While most current efforts in sustainable construction projects are put into energy efficiency, sustainability is not limited to this aspect. Another apparent trend is that still too often thoughts on how to make new buildings “green” are only addressed in the final stages of construction (retrofitting). While this practice is relevant to existing buildings, it is the wrong approach for new buildings. The vast majority of successful sustainability elements in a construction project goes into the initial design.

1. Preserving the terrain/vegetal coverage: Most construction project managers still choose the easiest and most destructive option of clearing all vegetation from a construction site. We must understand that any trees (especially grown ones) are valuable in terms of biodiversity and ecosystem services, and take a long time to regrow. It makes more sense to preserve them on site and to adapt the construction design in consequence. There are few examples of constructions which have successfully managed to preserve trees and built around them, or even incorporated them within the structure.

Any sustainable construction project should take this point into consideration and at most displace the trees and re-plant them rather than cutting them down. This point becomes increasingly important in locations that are rich in biodiversity or un-touched forested terrains. Furthermore, building projects should then work towards replanting numerous new trees and plants on site (preferably local species). Other important elements that any modern sustainable construction projects should adopt involve extensive use of the now well proven technologies of rooftop gardens and vertical green walls, which significantly increase the vegetal coverage and provide a range of other benefits.

2. Maximising natural cooling/heating: In warm climates, it is very important during the design stage to plan for maximising the use of natural air flow and cooling. This can be achieved in a range of ways, starting from buildings dispositions and how they are conceived to amplify and capture air breezes. There are also a number of passive ways to capture wind and create air flows within buildings through a chimney effect. Simply using well-chosen materials can help maximise natural cooling as well. Any passive cooling effect will contribute to significantly reducing the energy load of the buildings. Excessive use of air conditioning (which is a major source of energy usage in warm countries) is the less desirable alternative and often due to poor cooling efficiency design. In cooler and temperate climates, the same principle and efforts should be applied in designing well insulated projects that retain and circulate the heat with minimal energy input.

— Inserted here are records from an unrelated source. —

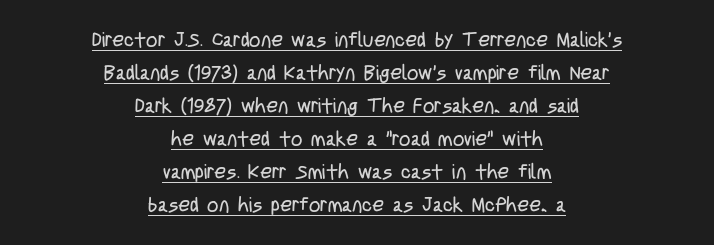
{"italic": "no", "bold": "no", "underline": "yes", "align": "center", "line_spacing": "normal", "line_spacing_ratio": 1.65, "letter_spacing": "normal", "letter_spacing_em": 0.0, "glyph_px": 20}
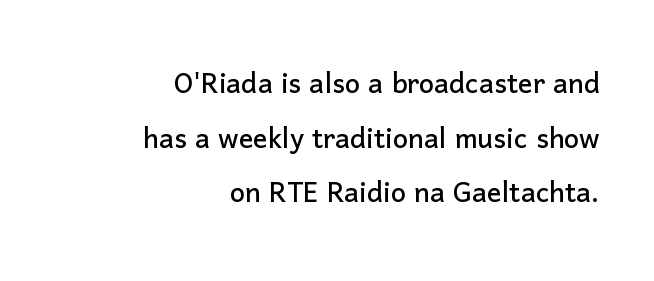
{"serif": "no", "italic": "no", "width": "normal", "stroke_contrast": "low", "x_height": "medium", "monospaced": "no", "underline": "no", "align": "right", "line_spacing": "normal", "line_spacing_ratio": 1.52, "letter_spacing": "normal", "letter_spacing_em": 0.0, "glyph_px": 36}
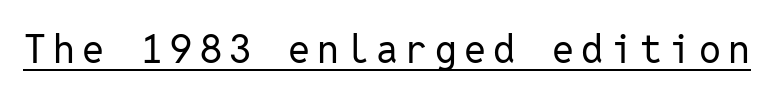
No italicization has been applied; the sample stays upright. In designer terms, the underline attribute is active on this setting. Stroke thickness stays within the range of a standard reading face or lighter. Each letter, wide or thin by design, is forced into the same width here. Are there feet on the stems? There aren't — it's a sans.
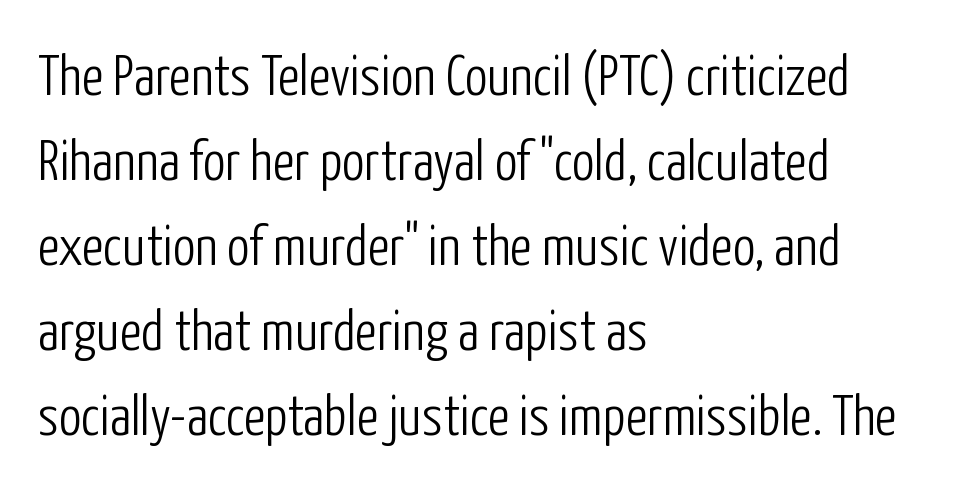
{"serif": "no", "italic": "no", "bold": "no", "weight": "light", "width": "condensed", "stroke_contrast": "low", "x_height": "medium", "monospaced": "no", "underline": "no", "align": "left", "line_spacing": "normal", "line_spacing_ratio": 1.49, "letter_spacing": "normal", "letter_spacing_em": 0.0, "glyph_px": 57}

3. Maximising natural lighting: Another very important aspect to consider at the design stage is the maximum use of natural lighting. The best way to achieve this is once again through good design that takes into account aspects such as building orientation, open concept and the type of material used. Whatever can be done to naturally brighten indoor spaces will reduce the need for artificial lights at a later stage. The vast majority of buildings use artificial lighting during daytime simply because nobody considered lighting during the design process.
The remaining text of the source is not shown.